[Source records]
*** Begin section ***
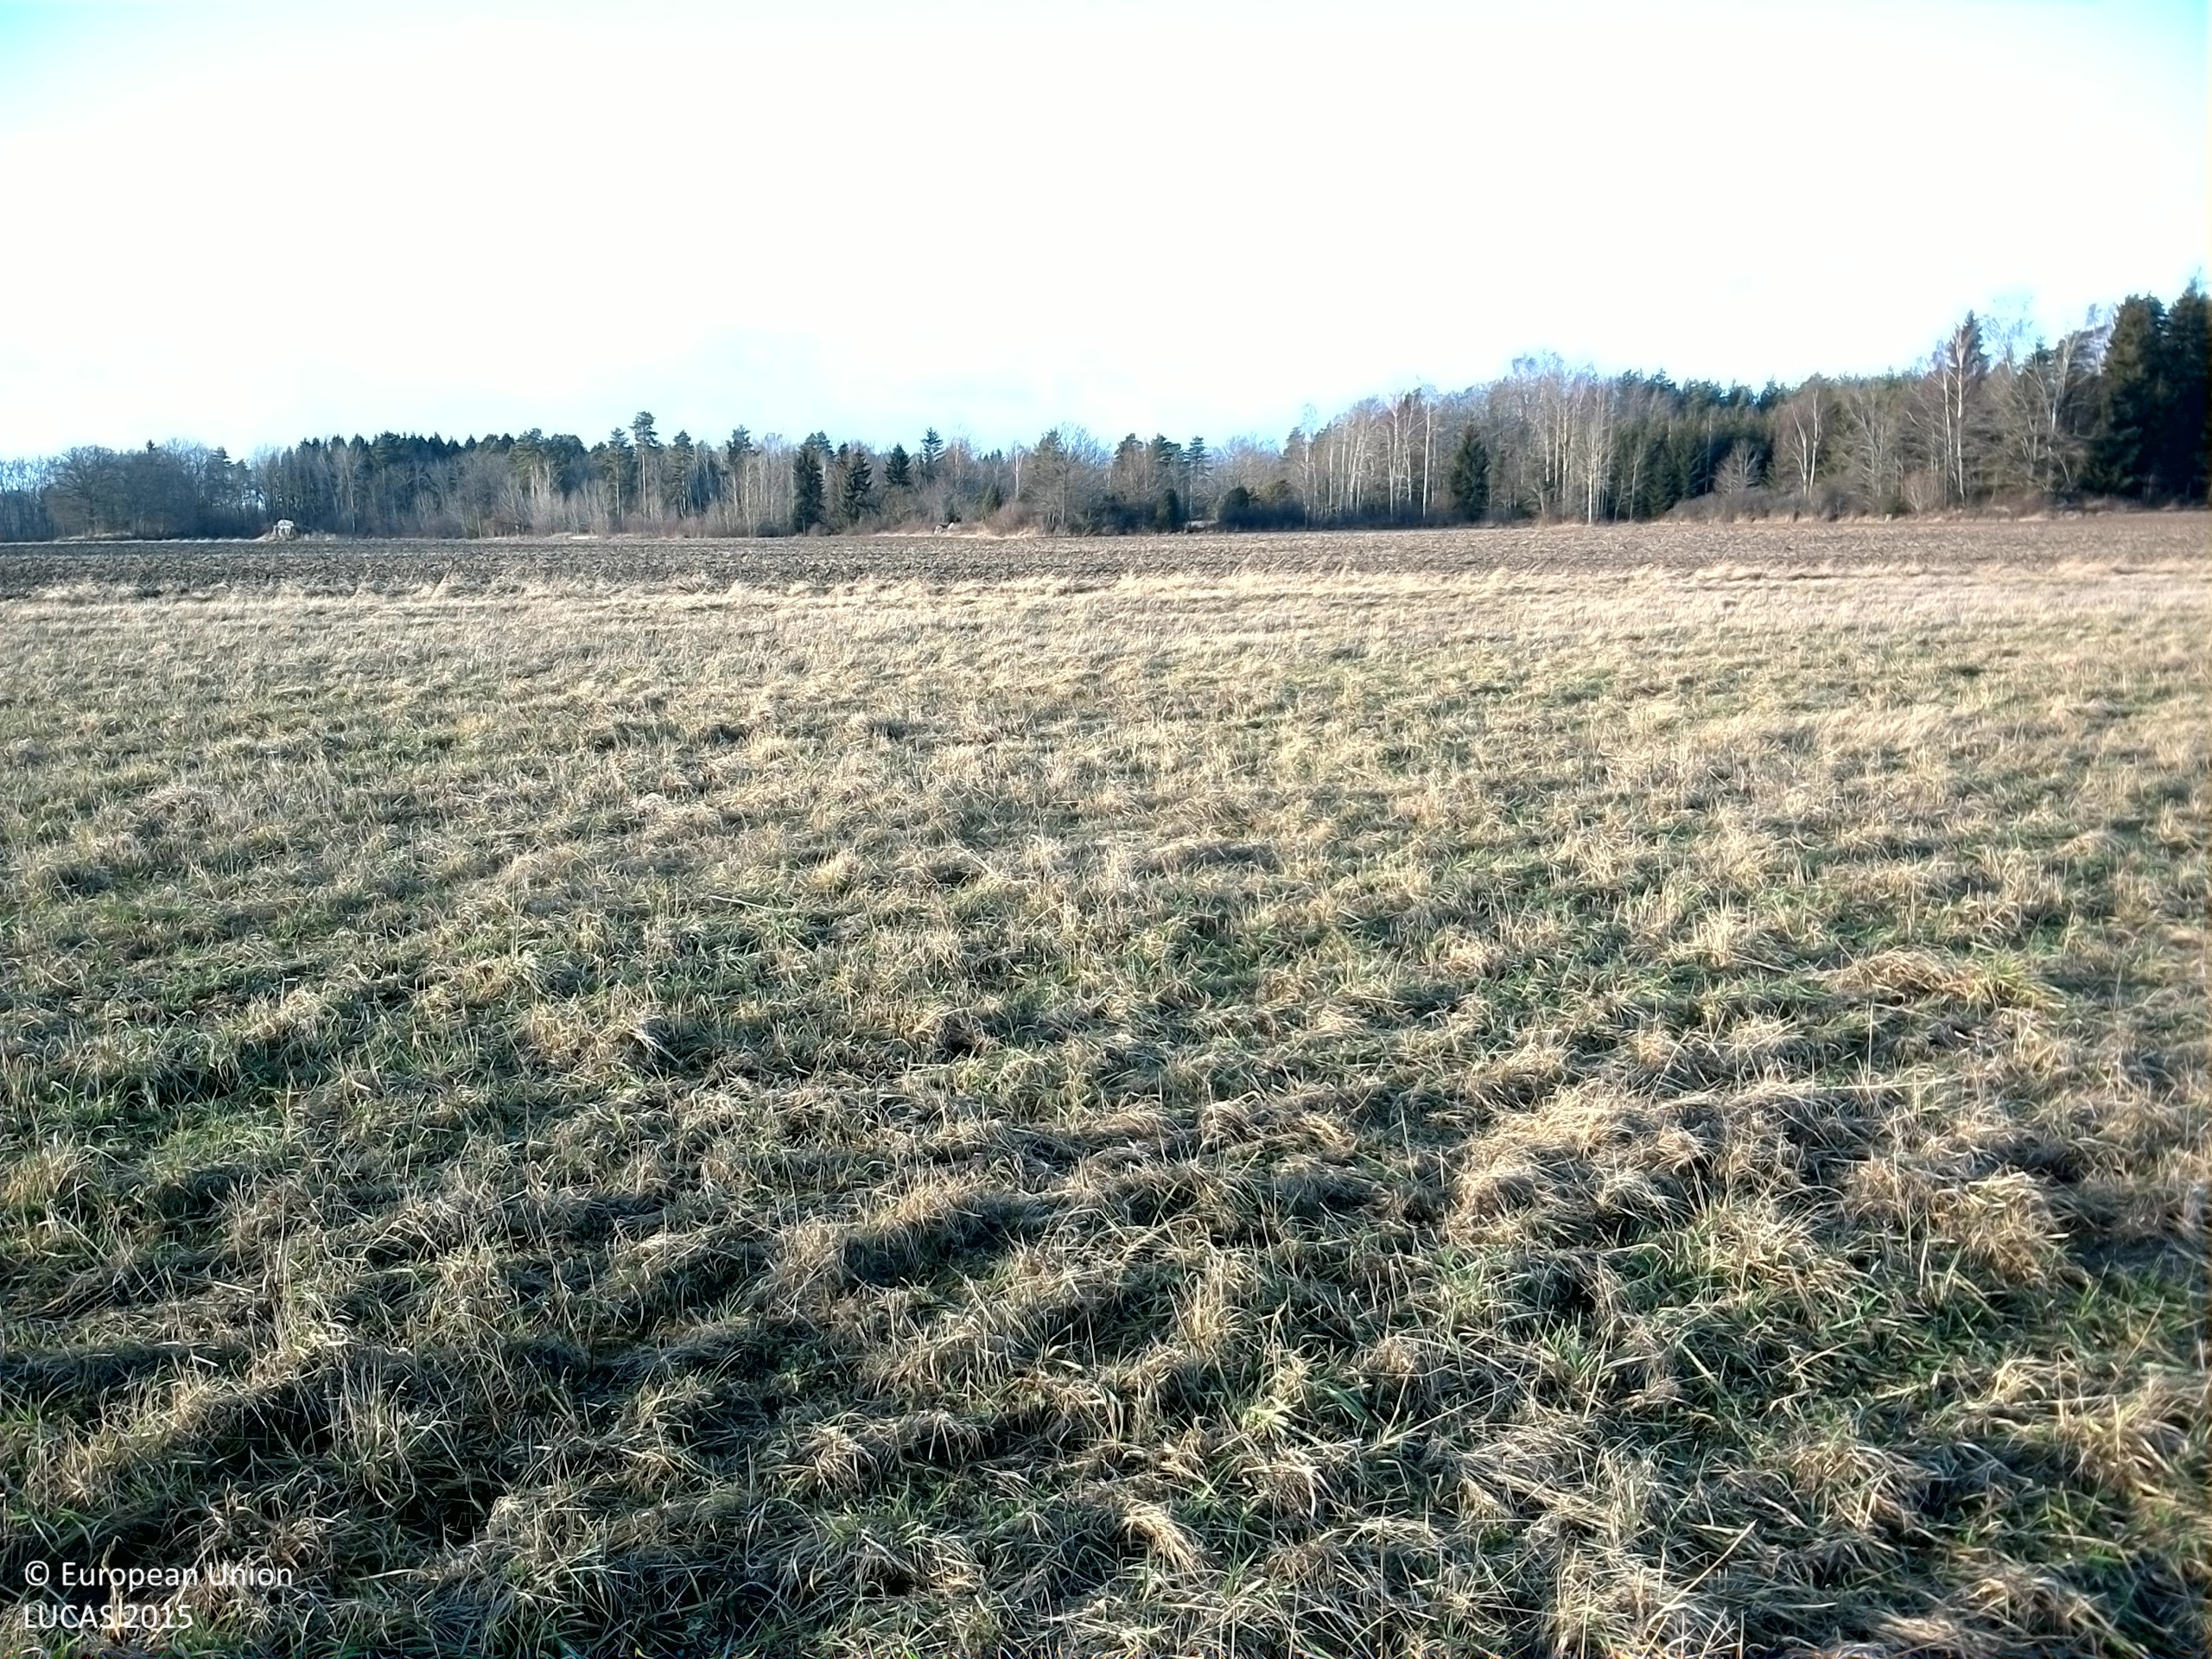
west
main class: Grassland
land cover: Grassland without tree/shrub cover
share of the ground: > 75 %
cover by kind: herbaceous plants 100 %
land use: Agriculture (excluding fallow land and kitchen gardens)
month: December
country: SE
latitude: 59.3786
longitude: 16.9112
*** End section ***
Please print the data above once more, exactly and without images.

west
main class: Grassland
land cover: Grassland without tree/shrub cover
share of the ground: > 75 %
cover by kind: herbaceous plants 100 %
land use: Agriculture (excluding fallow land and kitchen gardens)
month: December
country: SE
latitude: 59.3786
longitude: 16.9112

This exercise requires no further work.